BEGIN Listed entries
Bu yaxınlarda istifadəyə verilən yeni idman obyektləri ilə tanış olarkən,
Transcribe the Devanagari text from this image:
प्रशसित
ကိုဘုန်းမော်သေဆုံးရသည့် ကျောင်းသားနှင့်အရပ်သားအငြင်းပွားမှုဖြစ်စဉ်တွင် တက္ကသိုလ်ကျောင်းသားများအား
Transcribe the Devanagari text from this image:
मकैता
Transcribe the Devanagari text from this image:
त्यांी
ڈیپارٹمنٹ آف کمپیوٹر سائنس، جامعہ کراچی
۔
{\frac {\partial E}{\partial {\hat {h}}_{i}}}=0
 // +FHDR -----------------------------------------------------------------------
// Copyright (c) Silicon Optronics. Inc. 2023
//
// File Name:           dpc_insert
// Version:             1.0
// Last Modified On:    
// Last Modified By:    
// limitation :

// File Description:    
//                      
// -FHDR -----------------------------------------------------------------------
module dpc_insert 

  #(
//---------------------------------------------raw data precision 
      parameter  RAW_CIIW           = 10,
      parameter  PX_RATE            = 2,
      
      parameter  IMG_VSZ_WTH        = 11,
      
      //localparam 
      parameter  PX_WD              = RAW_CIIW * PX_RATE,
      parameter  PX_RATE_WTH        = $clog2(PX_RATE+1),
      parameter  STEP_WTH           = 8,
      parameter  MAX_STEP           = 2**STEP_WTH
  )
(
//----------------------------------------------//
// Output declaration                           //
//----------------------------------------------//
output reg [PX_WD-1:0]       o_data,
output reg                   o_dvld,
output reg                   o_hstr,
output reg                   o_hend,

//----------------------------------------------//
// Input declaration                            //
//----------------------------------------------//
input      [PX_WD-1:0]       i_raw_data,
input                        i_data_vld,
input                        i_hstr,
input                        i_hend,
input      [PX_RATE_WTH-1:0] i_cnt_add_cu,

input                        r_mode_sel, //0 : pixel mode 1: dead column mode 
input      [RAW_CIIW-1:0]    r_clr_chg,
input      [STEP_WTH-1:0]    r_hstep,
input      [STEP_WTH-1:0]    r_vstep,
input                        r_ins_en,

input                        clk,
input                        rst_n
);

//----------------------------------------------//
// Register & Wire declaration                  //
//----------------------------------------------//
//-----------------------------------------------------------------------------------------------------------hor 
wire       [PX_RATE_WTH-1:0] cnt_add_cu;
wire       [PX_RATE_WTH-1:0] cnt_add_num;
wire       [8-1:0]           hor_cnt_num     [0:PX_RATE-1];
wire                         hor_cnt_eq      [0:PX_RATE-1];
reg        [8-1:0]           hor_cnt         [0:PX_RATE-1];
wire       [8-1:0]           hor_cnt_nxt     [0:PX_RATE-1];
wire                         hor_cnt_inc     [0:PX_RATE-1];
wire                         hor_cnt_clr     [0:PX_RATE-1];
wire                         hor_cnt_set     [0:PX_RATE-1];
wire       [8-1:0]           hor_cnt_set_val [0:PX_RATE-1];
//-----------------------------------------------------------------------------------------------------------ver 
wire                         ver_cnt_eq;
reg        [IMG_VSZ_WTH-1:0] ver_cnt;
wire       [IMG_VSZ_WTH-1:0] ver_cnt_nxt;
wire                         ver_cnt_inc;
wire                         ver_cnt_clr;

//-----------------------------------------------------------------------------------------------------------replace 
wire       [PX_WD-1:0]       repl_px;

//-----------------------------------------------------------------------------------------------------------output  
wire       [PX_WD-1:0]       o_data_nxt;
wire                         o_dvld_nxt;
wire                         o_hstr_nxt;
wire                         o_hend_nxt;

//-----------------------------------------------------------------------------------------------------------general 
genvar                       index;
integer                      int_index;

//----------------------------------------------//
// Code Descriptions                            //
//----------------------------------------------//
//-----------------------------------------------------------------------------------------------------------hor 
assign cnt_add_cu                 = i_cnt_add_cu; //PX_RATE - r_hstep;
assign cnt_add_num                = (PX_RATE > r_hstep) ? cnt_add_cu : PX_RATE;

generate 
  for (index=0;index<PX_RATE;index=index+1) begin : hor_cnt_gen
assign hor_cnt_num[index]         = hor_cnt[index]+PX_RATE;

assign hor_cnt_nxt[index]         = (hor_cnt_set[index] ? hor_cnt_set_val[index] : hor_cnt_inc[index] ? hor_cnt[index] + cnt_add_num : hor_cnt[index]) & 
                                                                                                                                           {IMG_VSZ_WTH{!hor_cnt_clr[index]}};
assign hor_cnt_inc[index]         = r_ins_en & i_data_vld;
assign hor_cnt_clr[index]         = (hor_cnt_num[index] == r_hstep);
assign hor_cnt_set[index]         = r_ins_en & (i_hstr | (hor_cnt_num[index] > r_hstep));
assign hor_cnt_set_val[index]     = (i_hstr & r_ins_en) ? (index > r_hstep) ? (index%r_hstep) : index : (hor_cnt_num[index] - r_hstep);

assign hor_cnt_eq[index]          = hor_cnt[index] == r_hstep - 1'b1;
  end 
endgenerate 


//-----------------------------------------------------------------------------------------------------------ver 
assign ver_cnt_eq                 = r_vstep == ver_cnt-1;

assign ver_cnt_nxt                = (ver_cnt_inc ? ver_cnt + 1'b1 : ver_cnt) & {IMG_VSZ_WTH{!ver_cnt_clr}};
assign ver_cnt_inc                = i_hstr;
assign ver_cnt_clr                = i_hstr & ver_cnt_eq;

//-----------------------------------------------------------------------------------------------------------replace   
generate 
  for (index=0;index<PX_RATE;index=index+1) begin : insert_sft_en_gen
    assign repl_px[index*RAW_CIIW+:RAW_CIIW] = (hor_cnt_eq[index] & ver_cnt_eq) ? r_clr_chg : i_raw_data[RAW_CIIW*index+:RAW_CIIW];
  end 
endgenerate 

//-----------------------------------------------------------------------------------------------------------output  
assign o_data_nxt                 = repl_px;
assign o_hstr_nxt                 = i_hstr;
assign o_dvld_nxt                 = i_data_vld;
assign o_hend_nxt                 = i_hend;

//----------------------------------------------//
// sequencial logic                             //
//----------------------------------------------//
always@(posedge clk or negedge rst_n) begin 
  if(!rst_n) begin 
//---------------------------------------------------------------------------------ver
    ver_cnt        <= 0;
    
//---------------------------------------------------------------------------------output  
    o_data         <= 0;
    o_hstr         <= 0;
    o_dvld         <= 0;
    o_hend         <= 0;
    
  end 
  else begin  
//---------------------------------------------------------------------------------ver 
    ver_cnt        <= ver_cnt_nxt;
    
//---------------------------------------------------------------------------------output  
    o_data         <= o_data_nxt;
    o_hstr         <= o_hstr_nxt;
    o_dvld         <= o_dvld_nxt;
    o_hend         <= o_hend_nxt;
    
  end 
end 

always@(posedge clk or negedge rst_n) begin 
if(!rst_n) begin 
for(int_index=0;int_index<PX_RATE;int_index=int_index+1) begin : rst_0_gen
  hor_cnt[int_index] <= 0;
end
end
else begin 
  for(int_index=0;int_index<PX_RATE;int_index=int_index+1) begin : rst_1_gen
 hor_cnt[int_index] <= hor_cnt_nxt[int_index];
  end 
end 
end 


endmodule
END Listed entries
__Exercise objective__. Begin with the line that contains "begin : rst_1_gen" and end with the last line of the material above. Set down that range exactly.

__Response to the exercise__.
  for(int_index=0;int_index<PX_RATE;int_index=int_index+1) begin : rst_1_gen
 hor_cnt[int_index] <= hor_cnt_nxt[int_index];
  end 
end 
end 


endmodule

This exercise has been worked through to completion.